Whenever the seasons start to change, I think about what, and who I need to let go. Relationships take work, and it can be a challenge to figure out and establish relationships norms. Sometimes, you have to make a decision to let someone go, and to no longer be a part of your life.
How do you know when it’s time to let someone go (friends, romantic partners, etc. )
1. It doesn’t feel good to be in their physical presence. You feel discouraged, unhappy, anxious, stressed, etc. in their presence. The vibe or the feeling that you get is probably strong. It may also be evident when your feelings change immediately before engaging with the person.
2. The individual is the common denominator of “mess” “stress” or drama in their own & potentially in your life. Generally there is a pattern of behavior that keeps being repeated over, and over, with different people.
3. The person is verbally, emotionally, spiritually or physically abusive to you. This could also include manipulation. Abuse of any kind is not acceptable. Take the necessary steps to ensure your safety and security, and seek healing if you have been abused.
4. You’ve attempted to help the person & they are not heeding your advice (or the advice of others). You do not have the capacity or the responsibility to help everyone, especially those who are unwilling to change or make adjustments.

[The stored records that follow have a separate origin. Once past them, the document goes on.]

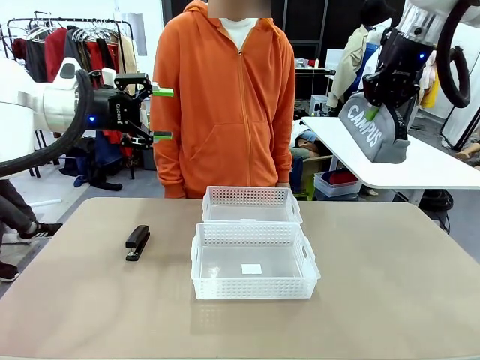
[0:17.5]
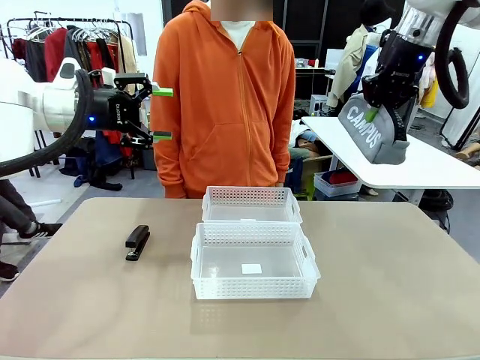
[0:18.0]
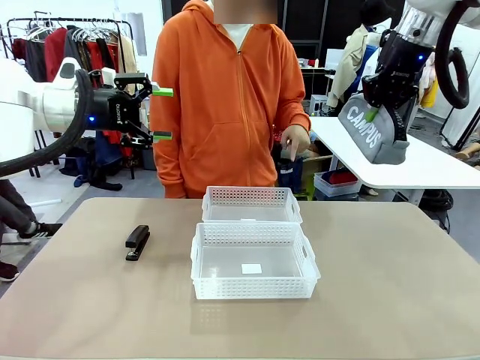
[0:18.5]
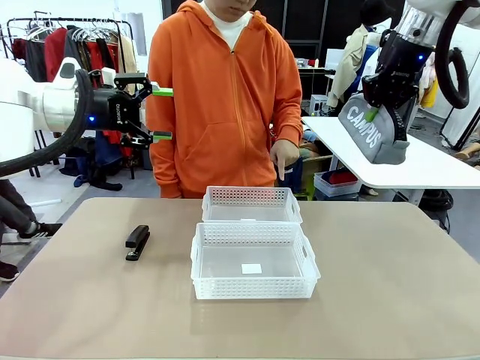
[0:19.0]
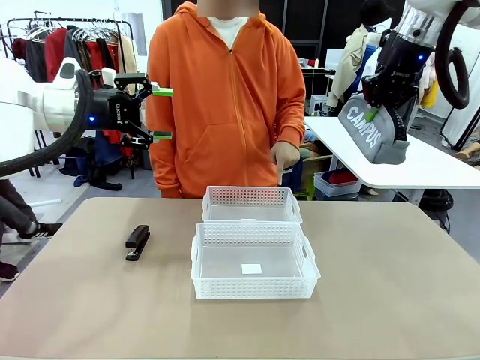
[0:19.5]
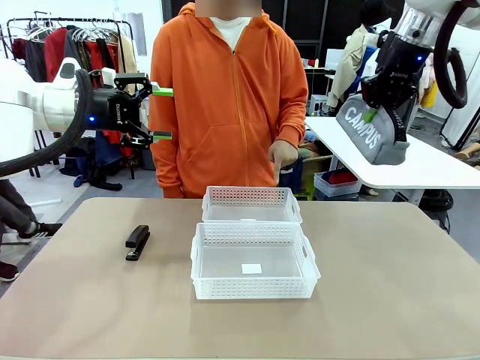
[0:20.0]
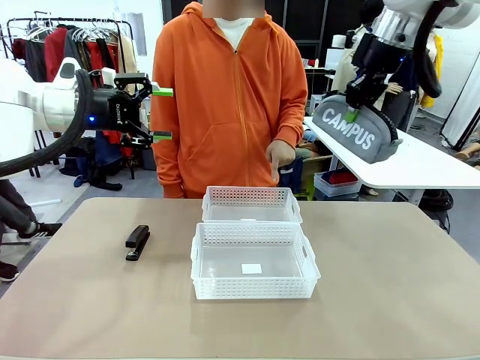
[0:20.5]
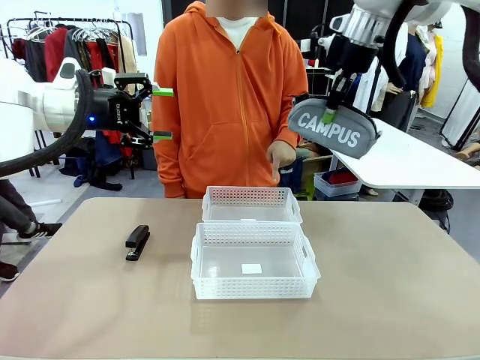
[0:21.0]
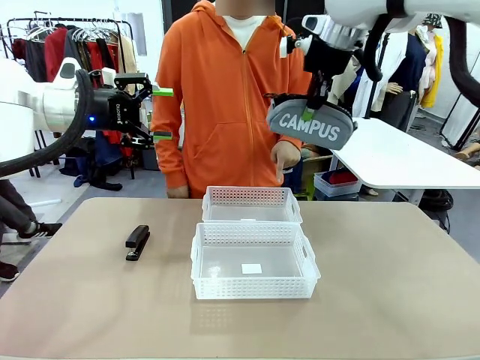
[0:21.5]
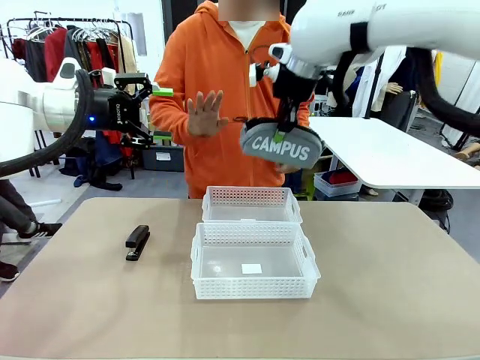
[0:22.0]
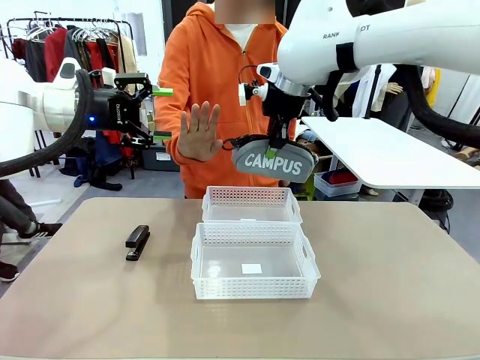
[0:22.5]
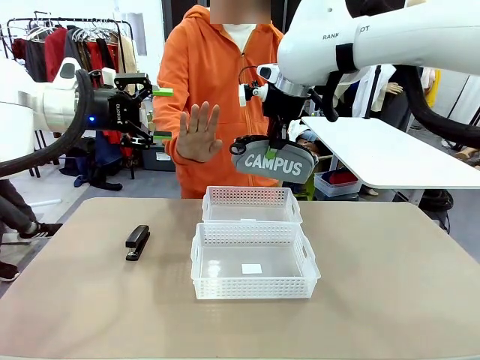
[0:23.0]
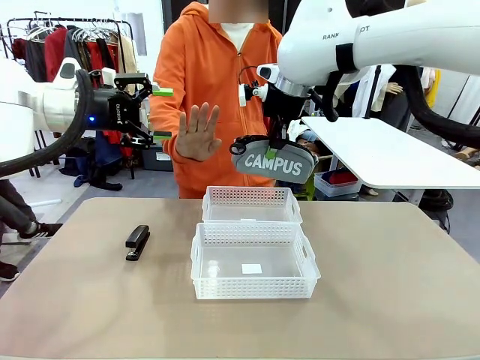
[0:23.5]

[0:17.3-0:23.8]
Task: Distribute items into two baskets.
Robot: Move the picked Pencil pouch towards the Organizing basket indicated by the person, stopping as directed.
Person: Sends a stop gesture before the robot places the pencil case into the basket.

5. The person is a “suicide bomber” who doesn’t have anything to lose or care for. They are destructive & volatile & its only a matter of time before they destroy you or things that you care about. Be careful with people who are willing to do anything to hurt or harm others. That same venom could eventually be turned on you.
6. The person doesn’t respect the boundaries that you’ve established. They call or text when you’ve asked them not to. They share confidential information with others. Express your desires and your feelings, and if someone doesn’t respect that, it may be time to let them go.
7. The relationship is one sided. You seem to be the only person investing in the relationship or friendship. You feel used, depleted or taken for granted.
8. Other people that you love & that love you express concern or notice red flags and it may be more than just one person in your life. EVERYBODY in your family isn’t crazy, or “hating.” People that love you may pick up on things you can’t see. Especially if you are “blinded” by love.
9. The person is regularly dishonest with you, so the trust has eroded, and non existent. Trust is the foundation of any healthy relationship. Once trust is violated, it requires great care to rebuild it.
10. When you think about the future, you envision yourself and your life better without this other person. Close your eyes and imagine your future. Do you have positive or negative feelings when you consider the other person’s role in your future?